JPMorgan Urges Strong Crypto Rules as U.S. Digital Asset Bill Advances.

JPMorgan has called for a durable regulatory framework for digital assets, warning that the cryptocurrency industry's rapid growth must be matched with safeguards that protect consumers, financial markets, and the broader financial system.

In a blog post published Monday, Umar Farooq, Global Co-Head of JPMorgan Payments, and Peter Muriungi, CEO of Digital Assets and Blockchain Solutions, said pending U.S. market structure legislation could help the digital asset industry mature, provided it closes regulatory gaps instead of creating new ones.

Rather than focusing solely on crypto innovation, the bank emphasized the risks of inadequate oversight. JPMorgan argued that digital assets should not be allowed to bypass the standards that govern traditional financial institutions, warning that insufficient regulation could expose investors to unnecessary risks and undermine market stability.

The executives acknowledged that blockchain technology, tokenization, and programmable money have the potential to improve payment efficiency, reduce settlement times, and streamline cross-border transactions. However, they stressed that these benefits can only be fully realized if lawmakers combine regulatory clarity with strong investor protections and financial safeguards.

The comments come as the U.S. Senate works to advance the Digital Asset Market Clarity Act before lawmakers begin their August recess. While the bill has cleared the Senate Banking Committee, negotiations continue over several key issues, including ethics rules for government officials with crypto interests, liability protections for decentralized finance (DeFi) developers, stablecoin yield provisions, and concerns raised by Senate Agriculture Committee Democrats.

Industry groups remain hopeful the legislation will reach the Senate floor in July, although analysts have cautioned that delaying the bill beyond the August recess could significantly reduce its chances of becoming law this year.

JPMorgan also argued that digital assets functioning like securities should remain subject to existing securities laws, regardless of whether they are issued on blockchain networks. Similarly, decentralized trading platforms that perform the roles of exchanges or brokers should comply with the same standards for disclosure, market integrity, and customer protection as traditional financial institutions.
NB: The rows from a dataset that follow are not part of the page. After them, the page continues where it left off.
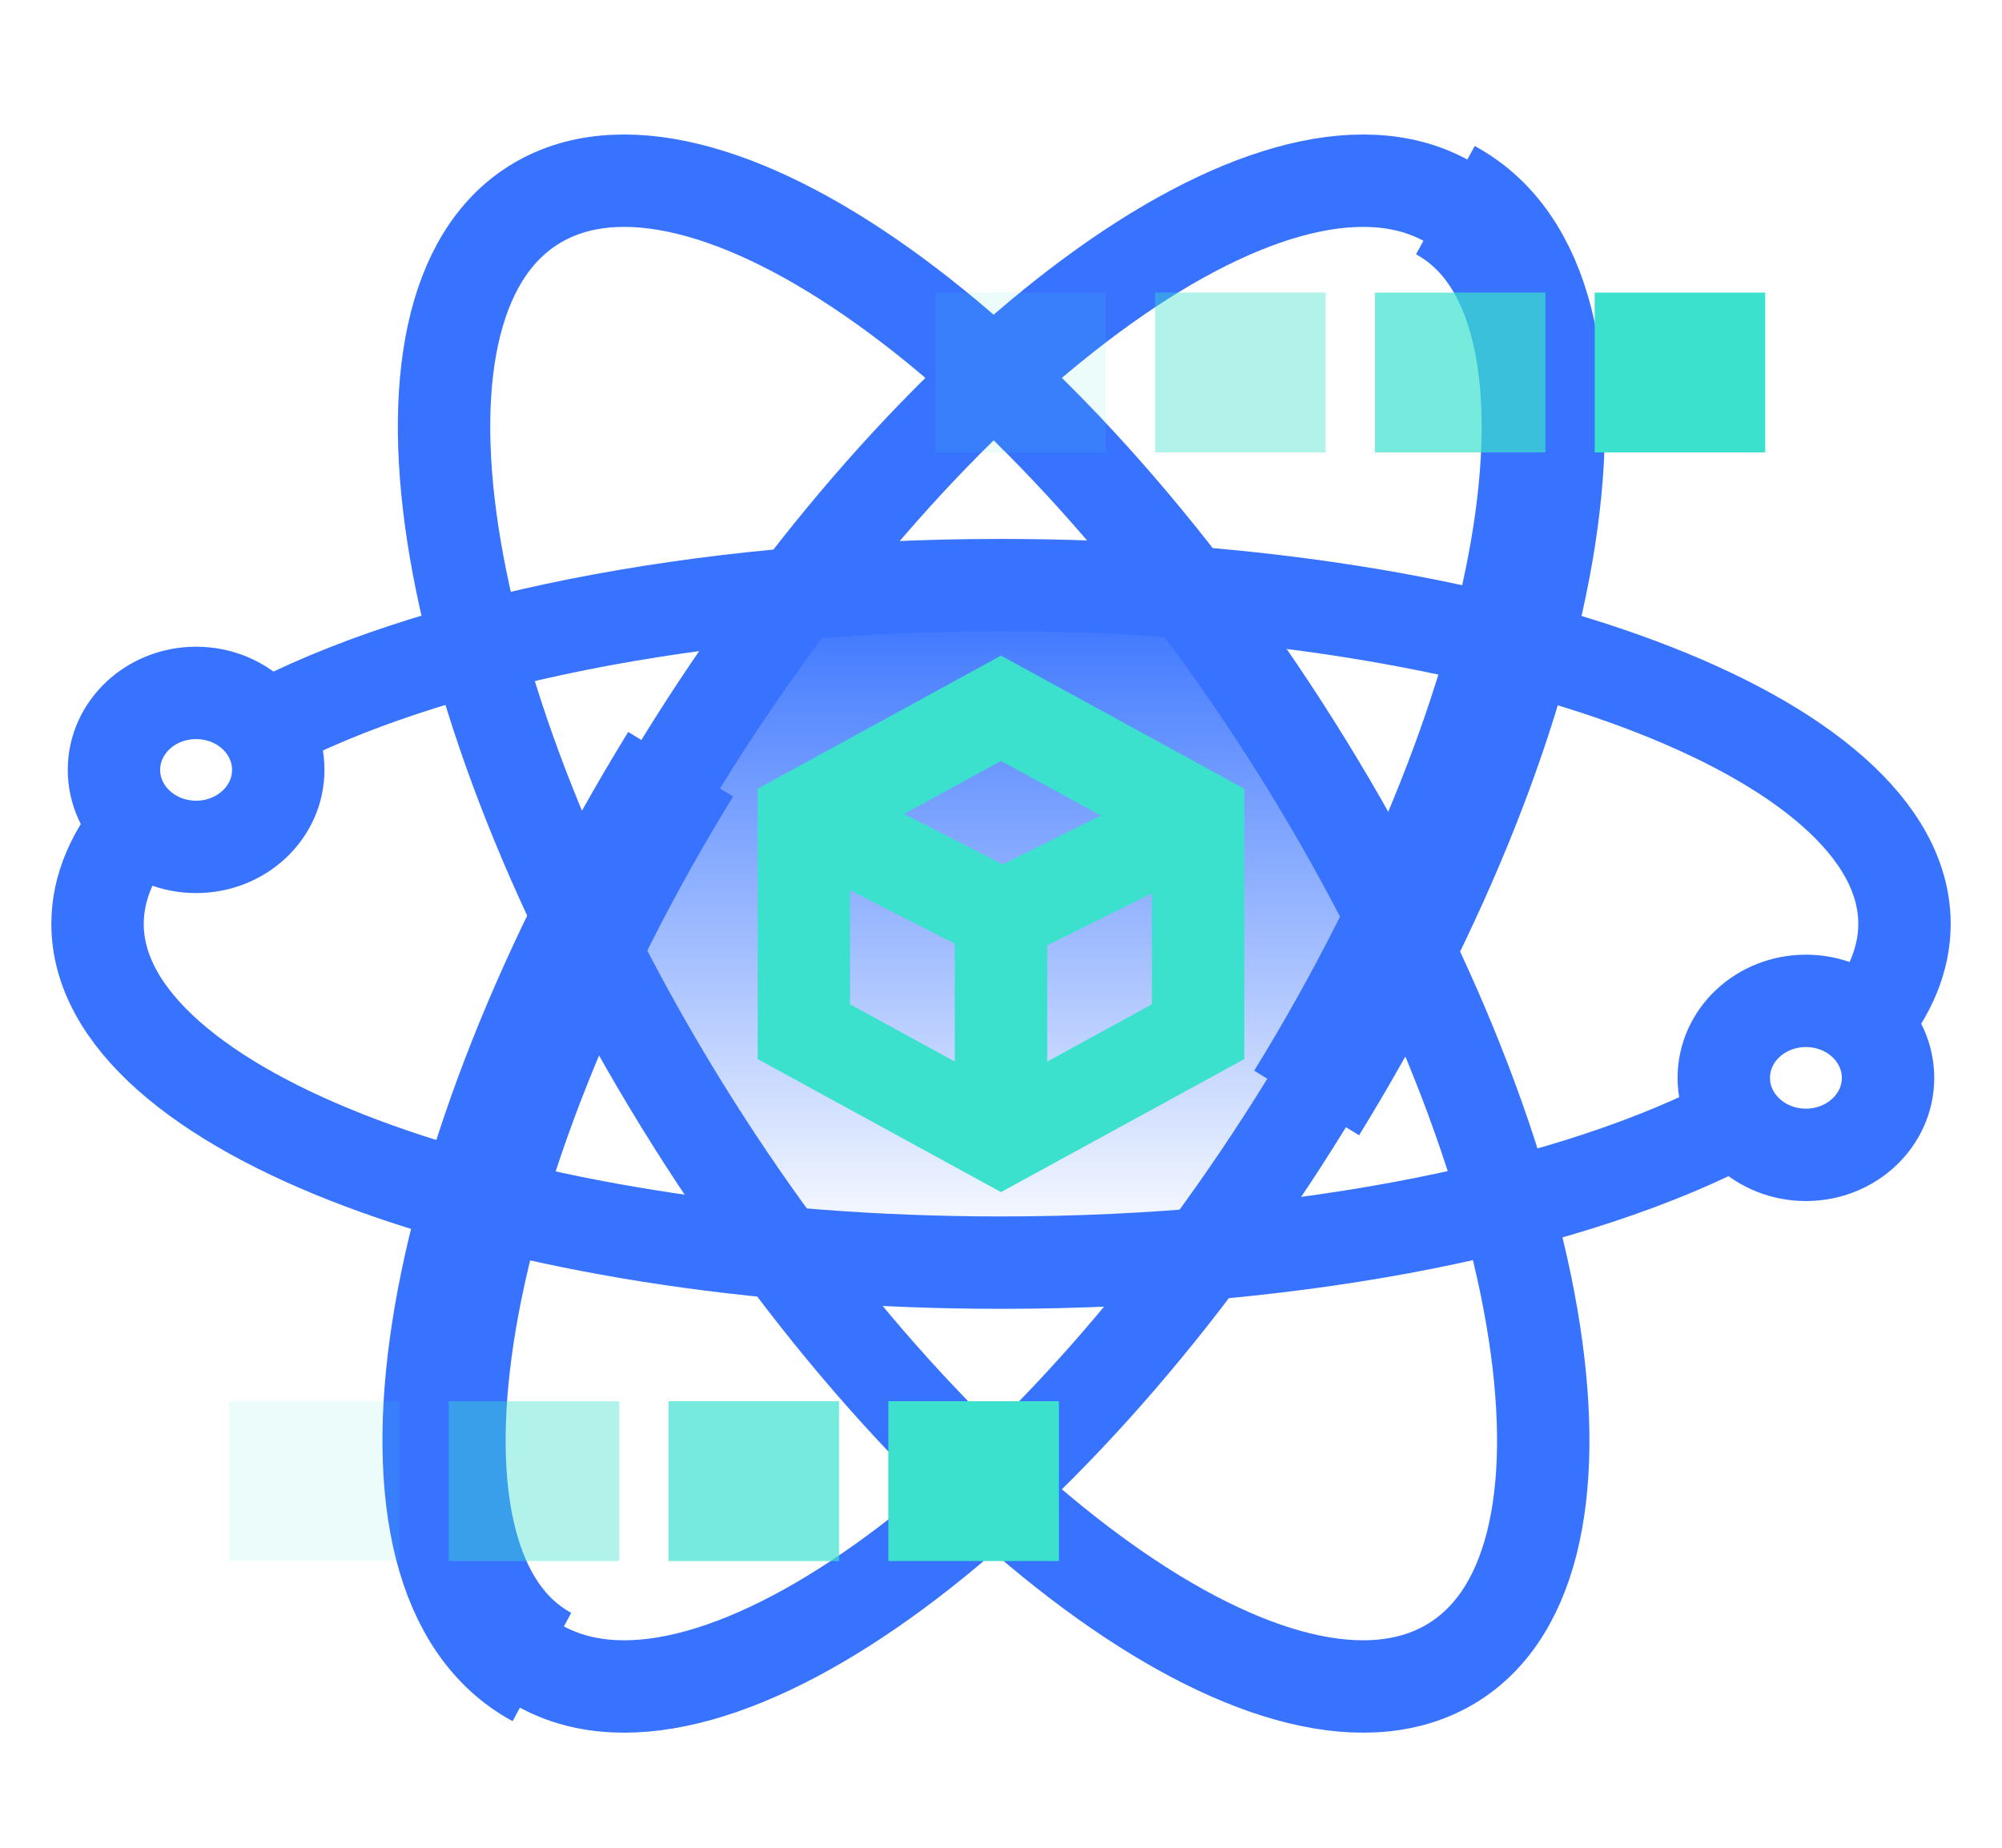 <svg width="65" height="60" viewBox="0 0 65 60" fill="none" xmlns="http://www.w3.org/2000/svg">
    <path d="M18.9 30.25L25.834 19.25H38.367L45.3 30.25L39.167 40.75H25.834L18.9 30.25Z" fill="url(#paint0_linear_1234_398)"/>
    <path fill-rule="evenodd" clip-rule="evenodd" d="M46.928 54.131C52.54 51.094 50.523 37.969 42.423 24.816C34.323 11.663 23.207 3.462 17.595 6.5C11.983 9.538 14 22.663 22.1 35.816C30.2 48.969 41.316 57.169 46.928 54.131Z" stroke="#3873FF" stroke-width="3"/>
    <path fill-rule="evenodd" clip-rule="evenodd" d="M17.595 54.131C23.207 57.169 34.323 48.969 42.423 35.816C50.523 22.663 52.54 9.538 46.928 6.5C41.316 3.462 30.2 11.663 22.1 24.816C14 37.969 11.983 51.094 17.595 54.131Z" stroke="#3873FF" stroke-width="3"/>
    <path d="M60.5 33.289C61.367 32.25 61.834 31.145 61.834 30C61.834 23.925 48.7 19 32.5 19C22.579 19 13.809 20.847 8.5 23.674M56.5 36.326C51.191 39.153 42.421 41 32.5 41C16.3 41 3.167 36.075 3.167 30C3.167 28.812 3.669 27.669 4.597 26.597" stroke="#3873FF" stroke-width="3" stroke-linejoin="round"/>
    <path d="M42.423 35.816C50.523 22.663 52.54 9.538 46.928 6.5" stroke="#3873FF" stroke-width="4"/>
    <path d="M17.595 54.131C11.983 51.094 14 37.969 22.1 24.816" stroke="#3873FF" stroke-width="4"/>
    <path fill-rule="evenodd" clip-rule="evenodd" d="M58.633 37.5C60.106 37.5 61.3 36.381 61.3 35C61.3 33.619 60.106 32.5 58.633 32.5C57.161 32.5 55.967 33.619 55.967 35C55.967 36.381 57.161 37.5 58.633 37.5Z" stroke="#3873FF" stroke-width="3"/>
    <path fill-rule="evenodd" clip-rule="evenodd" d="M6.367 27.5C7.84 27.5 9.034 26.381 9.034 25C9.034 23.619 7.84 22.5 6.367 22.5C4.894 22.5 3.7 23.619 3.7 25C3.7 26.381 4.894 27.5 6.367 27.5Z" stroke="#3873FF" stroke-width="3"/>
    <path fill-rule="evenodd" clip-rule="evenodd" d="M38.9 26.501L32.5 23L26.1 26.501V33.501L32.5 37L38.9 33.501V26.501Z" stroke="#3CE1CD" stroke-width="3" stroke-linecap="round"/>
    <path d="M26.675 26.75L32.071 29.506" stroke="#3CE1CD" stroke-width="3" stroke-linecap="round"/>
    <path d="M33.033 29.506L38.57 26.75" stroke="#3CE1CD" stroke-width="3" stroke-linecap="round"/>
    <path d="M32.5 30.006V36.006" stroke="#3CE1CD" stroke-width="3" stroke-linecap="round"/>
    <rect opacity="0.1" x="30.367" y="14.691" width="5.19" height="5.537" transform="rotate(-90 30.367 14.691)" fill="#3CE1CD"/>
    <rect opacity="0.4" x="37.503" y="14.691" width="5.19" height="5.537" transform="rotate(-90 37.503 14.691)" fill="#3CE1CD"/>
    <rect opacity="0.7" x="44.64" y="14.691" width="5.19" height="5.537" transform="rotate(-90 44.64 14.691)" fill="#3CE1CD"/>
    <rect x="51.776" y="14.691" width="5.19" height="5.537" transform="rotate(-90 51.776 14.691)" fill="#3CE1CD"/>
    <rect opacity="0.1" width="5.19" height="5.537" transform="matrix(0 1 1 0 7.433 45.5)" fill="#3CE1CD"/>
    <rect opacity="0.4" width="5.19" height="5.537" transform="matrix(0 1 1 0 14.57 45.5)" fill="#3CE1CD"/>
    <rect opacity="0.7" width="5.19" height="5.537" transform="matrix(0 1 1 0 21.706 45.5)" fill="#3CE1CD"/>
    <rect width="5.19" height="5.537" transform="matrix(0 1 1 0 28.843 45.5)" fill="#3CE1CD"/>
    <defs>
        <linearGradient id="paint0_linear_1234_398" x1="32.1" y1="19.25" x2="32.1" y2="40.75" gradientUnits="userSpaceOnUse">
            <stop stop-color="#3873FF"/>
            <stop offset="1" stop-color="#3873FF" stop-opacity="0"/>
        </linearGradient>
    </defs>
</svg>

The bank devoted particular attention to stablecoins, an area where financial institutions see both opportunity and growing competition. While stablecoins and tokenized deposits could improve payment systems, JPMorgan warned against allowing products that resemble bank deposits to operate outside existing capital, liquidity, and consumer protection requirements. It also cautioned that features such as rewards or cashback could give consumers the false impression that stablecoins carry the same protections as traditional bank deposits, increasing the risk of large-scale withdrawals during periods of financial stress.

The warning aligns with recent remarks from JPMorgan CEO Jamie Dimon, who has strongly opposed allowing stablecoin issuers to offer yield or rewards. Banks argue such incentives would let crypto firms compete directly with traditional deposits without meeting equivalent regulatory and capital standards. Although lawmakers declined to impose an outright ban on stablecoin yield during Clarity Act negotiations, financial institutions continue to push for tighter restrictions.

JPMorgan also urged lawmakers to preserve robust anti-money laundering measures and law enforcement authorities in any final legislation. The bank warned that broad regulatory exemptions for segments of the crypto ecosystem could create vulnerabilities that enable illicit finance, market manipulation, and other financial crimes, underscoring the need for balanced digital asset regulations that encourage innovation while maintaining trust and stability in the financial system.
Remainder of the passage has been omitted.